Yeah, my quip was definitely tongue-in-cheek, for one thing since it's such a pain to "break in" a replacement. Also because I've personally found Dish's support to be very willing to help and replace equipement and I wouldn't seriously encourage abusing the system.

I know it's unscientific, but an EE friend of mine once told me that if an IC is too hot to touch, then it's already been damaged. I would interpret that to mean that if the case is at all "hot" to the touch, it's probably already past it's safe temp.

I just hung a thermometer inside my cabinet and it's a modest 85 deg F. I'll see what it says when I hear the fan "rev up" tonight. (Or when I imagine I hear it... )


----------



## Jacob S (Apr 14, 2002)

When I did the card swap on my 721 I noticed on the front of the card directly from the other side where the chip is at that there is a black square almost burnt looking. When I used to do receiver reboots by pulling the card and pushing it back in I would notice that some of the cards look a little yellow around the chip as if it was getting a bit hot or something but havent experienced a failure with them.


----------



## David_Levin (Apr 22, 2002)

Scott Kassan,

You need to tell us more about your entertainment center.

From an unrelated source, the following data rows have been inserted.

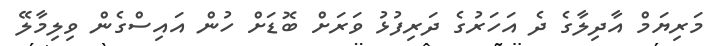
މަރިޔަމް އާދިލާގެ ދެ އަހަރުގެ ދަރިފުޅު ވަރަށް ބޮޑަށް ހުން އައިސްގެން ވިލިމާލޭ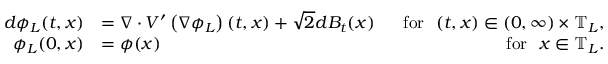
\begin{array} { r l r } { d \phi _ { L } ( t , x ) } & { = \nabla \cdot V ^ { \prime } \left( \nabla \phi _ { L } \right) ( t , x ) + \sqrt { 2 } d B _ { t } ( x ) } & { ~ ~ \mathrm { f o r } ~ ~ ( t , x ) \in ( 0 , \infty ) \times \mathbb { T } _ { L } , } \\ { \phi _ { L } ( 0 , x ) } & { = \phi ( x ) } & { \mathrm { f o r } ~ ~ x \in \mathbb { T } _ { L } . } \end{array}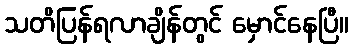
သတိပြန်ရလာချိန်တွင် မှောင်နေပြီ။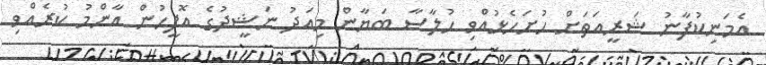
އެމަނިކުފާނު ޝަރީއަތަށް ހުށަހެޅުއްވި ހުލާސާ ބަޔާން މިއަދު ނަޝީދުގެ އޮފީހުން އާންމު ކުރެއްވި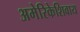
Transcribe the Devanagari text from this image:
अमेरिकेशिवाय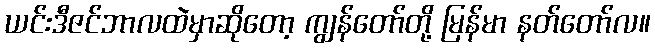
ယင်းဒီဇင်ဘာလထဲမှာဆိုတော့ ကျွန်တော်တို့ မြန်မာ နတ်တော်လ။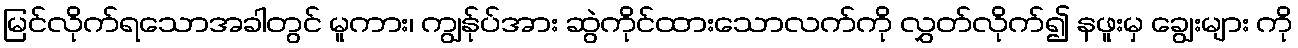
မြင်လိုက်ရသောအခါတွင် မူကား၊ ကျွန်ုပ်အား ဆွဲကိုင်ထားသောလက်ကို လွှတ်လိုက်၍ နဖူးမှ ချွေးများ ကို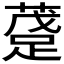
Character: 𲃴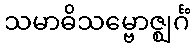
သမာဓိသမ္ဗောဇ္ဈင်္ဂံ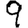
Digit: 9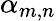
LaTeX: \alpha_{m,n}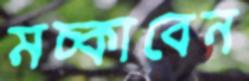
মচ্‌কাবেন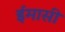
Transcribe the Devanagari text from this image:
ईमासी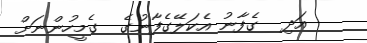
އަދި  ގެފާނު އެކަލޭގެފާނުގެ  ގެމީހުންނަށް
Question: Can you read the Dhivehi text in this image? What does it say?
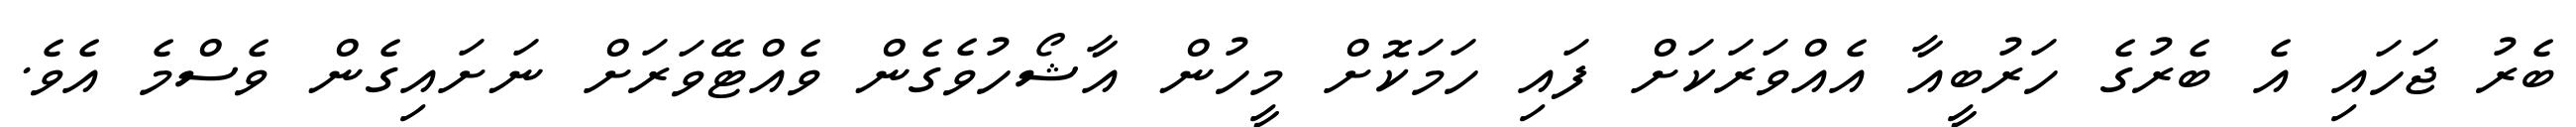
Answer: ބެރު ޖަހައި އެ ބެރުގެ ހަރުބީއާ އެއްވަރަކަށް ފައި ހަމަކޮށް މީހުން އާޝޯހުވެގެން ވެއްޓޭވަރަށް ނަށައިގެން ވެސްމެ އެވެ.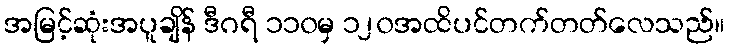
အမြင့်ဆုံးအပူချိန် ဒီဂရီ ၁၁၀မှ ၁၂၀အထိပင်တက်တတ်လေသည်။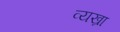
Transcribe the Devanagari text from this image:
व्यख्रा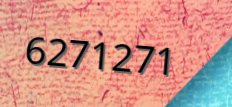
6271271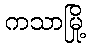
ကသာမြို့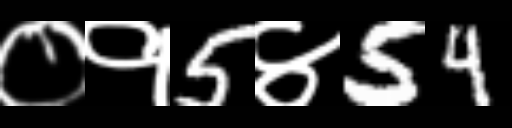
Text: ०१5४54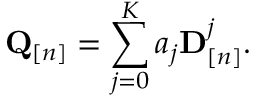
{ \mathbf Q } _ { [ n ] } = \sum _ { j = 0 } ^ { K } a _ { j } { \mathbf D } _ { [ n ] } ^ { j } .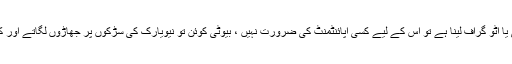
اگر آپ کو نکول کے ساتھ سیلفی یا آٹو گراف لینا ہے تو اس کے لیے کسی اپائنٹمنٹ کی ضرورت نہیں ، بیوٹی کوئن تو نیویارک کی سڑکوں پر جھاڑوں لگاتے اور کچرا اٹھاتے ہی نظر آ جائے گی۔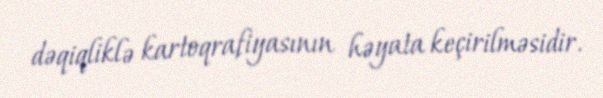
dəqiqliklə kartoqrafiyasının həyata keçirilməsidir.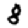
Digit: 8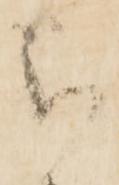
被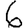
Digit: 6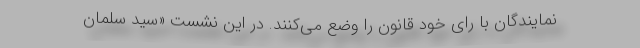
نمایندگان با رای خود قانون را وضع می‌کنند. در این نشست «سید سلمان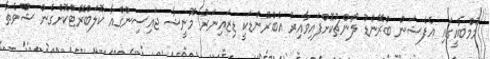
މުމްބާއީގައި އެފެޝަން ބްރޭންޑު ލޯންޗުކޮށްފައިވާއިރު އެބްރޭންޑަކީ ޑިޒައިނަރު މޮނީޝާ ޖައިސިންގްއާ ކޮލަބްރޭޓްކޮށްގެން ޝްވެތާ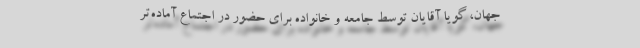
جهان، گویا آقایان توسط جامعه و خانواده برای حضور در اجتماع آماده‌تر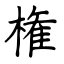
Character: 権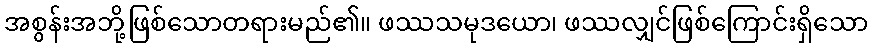
အစွန်းအဘို့ဖြစ်သောတရားမည်၏။ ဖဿသမုဒယော၊ ဖဿလျှင်ဖြစ်ကြောင်းရှိသော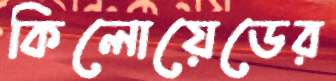
কিলোয়েডের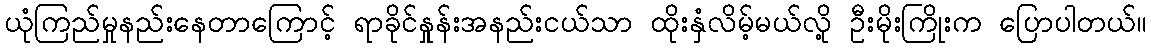
ယုံကြည်မှုနည်းနေတာကြောင့် ရာခိုင်နှုန်းအနည်းငယ်သာ ထိုးနှံလိမ့်မယ်လို့ ဦးမိုးကြိုးက ပြောပါတယ်။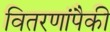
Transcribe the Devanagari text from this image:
वितरणांपैकी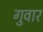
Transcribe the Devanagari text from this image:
गुवार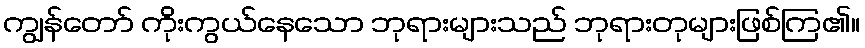
ကျွန်တော် ကိုးကွယ်နေသော ဘုရားများသည် ဘုရားတုများဖြစ်ကြ၏။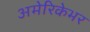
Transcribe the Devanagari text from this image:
अमेरिकेभर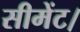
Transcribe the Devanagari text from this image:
सीमेंट।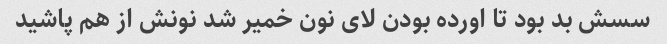
سسش بد بود تا اورده بودن لای نون خمیر شد نونش از هم پاشید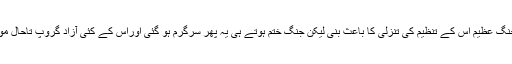
دوسری جنگ عظیم اس کے تنظیم کی تنزلی کا باعث بنی لیکن جنگ ختم ہوتے ہی یہ پھر سرگرم ہو گئی اوراس کے کئی آزاد گروپ تاحال موجود ہیں ۔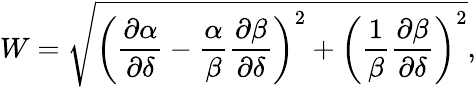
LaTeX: W=\sqrt{\left(\frac{\partial\alpha}{\partial\delta}-\frac{\alpha}{\beta}\frac{\partial\beta}{\partial\delta}\right)^{2}+\left(\frac{1}{\beta}\frac{\partial\beta}{\partial\delta}\right)^{2}},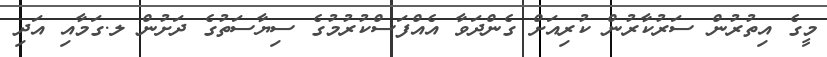
މީގެ އިތުރުން ސަރުކާރުން ކުރިއަށް ގެންދަވާ އެއްފަސްކުރުމުގެ ސިޔާސަތުގެ ދަށުން ލ.ގަމާއި އަދި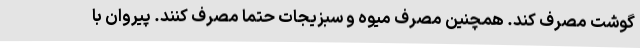
گوشت مصرف کند. همچنین مصرف میوه و سبزیجات حتما مصرف کنند. پیروان با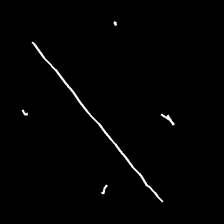
Glyph: cool
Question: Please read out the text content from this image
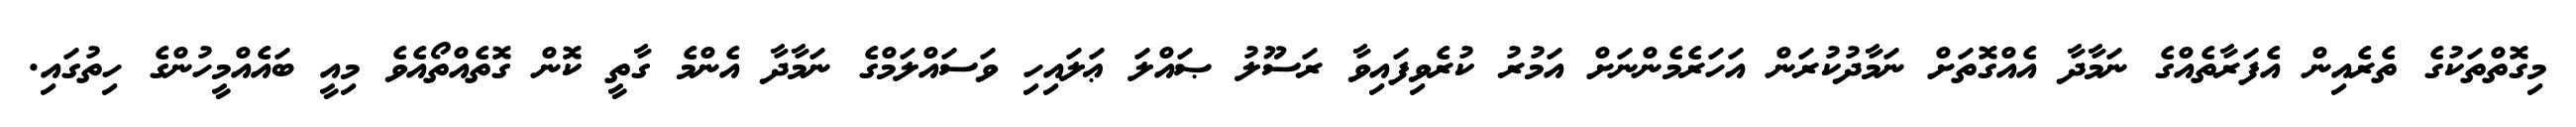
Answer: މިގޮތްތަކުގެ ތެރެއިން އެފަރާތެއްގެ ނަމާދާ އެއްގޮތަށް ނަމާދުކުރަން އަހަރެމެންނަށް އަމުރު ކުރެވިފައިވާ ރަސޫލު ޞައްލަ ޢަލައިހި ވަސައްލަމްގެ ނަމާދާ އެންމެ ގާތީ ކޮން ގޮތެއްތޯއެވެ މިއީ ބައެއްމީހުންގެ ހިތުގައި.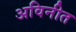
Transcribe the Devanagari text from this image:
अविनीत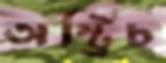
অস্ট্রিচ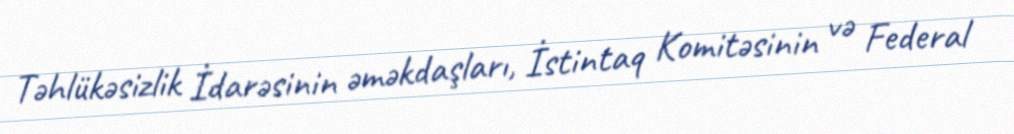
Təhlükəsizlik İdarəsinin əməkdaşları, İstintaq Komitəsinin və Federal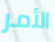
الأمر

Is it enclosed (closed in back and glass doors in front)?

How about other components? Is there an amplifier in the rack roasting it?

Basically, the 921 should have cool air around it? Your asking for trouble if all it can do is circulate it's own heat.

I have my racks set up with fans pushing external air in and across the components. Order is Fan, 921, then Amp, so the Amp heat doesn't get to the 921.


----------



## deweybrunner (Feb 8, 2004)

I have my 921 in an enclosed intertainment center along with an amplifier. I have glass doors on front with cracks all way around. I purchased 5" magnetic fan from radio shack, cut a hole in back, and direct flow out. I also put control where I could regulate the speed of the fan, turning it up enough to keep the unit cool. This fan is so quiet you can hardly notice it. The 921 cannot be allowed to overheat, even though it has internal fans. They just circulate the hot air. Mine was very easy to install. I took off the solid back and put in the fan. It works great.


----------



## skassan (Jan 10, 2004)

ClaudeR said:


> Skannan - Don't forget that the software upgrades and guid info are downloaded during the night. Putting the timer on may not be the best idea - most people seem to wait anxiously for the software updates.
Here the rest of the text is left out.